One of the most advanced and challenging tasks is to crop objects in three different axes from both sides in each axis. In the ConfocalVR and ExMicroVR software, cropping of individual object channels could not be achieved separately. These SWs offer the possibility to crop the object only as a whole using the so-called Excluder, which allows moving into and looking around inside the virtual object. Then, some parts of the whole object can be hidden. The resulting effect is different from the use of object cropping in FluoRender. In FluoRender, clipping planes are used for this purpose, and the object can be clipped in all three (x-, y-, and z-) axes from both sides, yet separately in all channels. This brings significant advantages, and our controller is adapted to these features. However, the operation of these functions is complex, and even in our case, the control was not set up to provide a comfortable operation, as it consists of several different steps that the user must apply. The current solution needs to be optimized for better handling of these functions in the future.

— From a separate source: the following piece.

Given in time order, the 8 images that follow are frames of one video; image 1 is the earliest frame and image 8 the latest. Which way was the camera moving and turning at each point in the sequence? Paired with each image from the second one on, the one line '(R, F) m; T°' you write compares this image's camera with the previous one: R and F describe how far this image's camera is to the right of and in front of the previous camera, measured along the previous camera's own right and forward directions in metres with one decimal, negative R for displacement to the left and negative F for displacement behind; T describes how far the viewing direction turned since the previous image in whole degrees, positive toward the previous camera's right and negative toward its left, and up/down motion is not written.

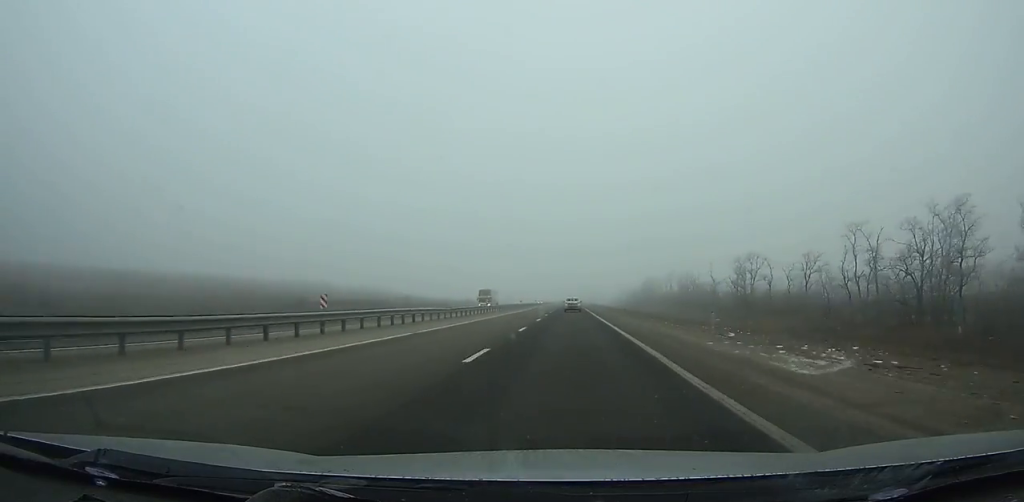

It should be noted that a gamepad can be used in FluoRender to control the object. However, the gamepad has limited capabilities and only handles spatial manipulation of the object. Even with the potential mapping of additional elements, the number of functions that could be controlled would be limited, or the function buttons would be hard to access when VR glasses are on. Therefore, the gamepad tends to be used in VR specifically with the aim of moving an object.
The presented gesture-based control system has some other benefits. It allows a virtual object to be manipulated independently of the additional VR hardware equipment, such as headset cameras or IR emitters and sensors that are usually used to sense the spatial position of the classic controller. Control instructions are transferred from the gesture-based controller to the FluoRender PC installation with which the device communicates, while FluoRender performs the visualization. Therefore, the hardware is dependent only on FluoRender’s requirements. On the other hand, the introduced control system is incompatible with VR systems that require free hands or fingers for special VR actions, because both hands are fully used and unavailable for any further operations. However, the control system was designed only for fast and comfortable observation of the virtual multidimensional and multicolor object. It is not intended for further detailed object analysis.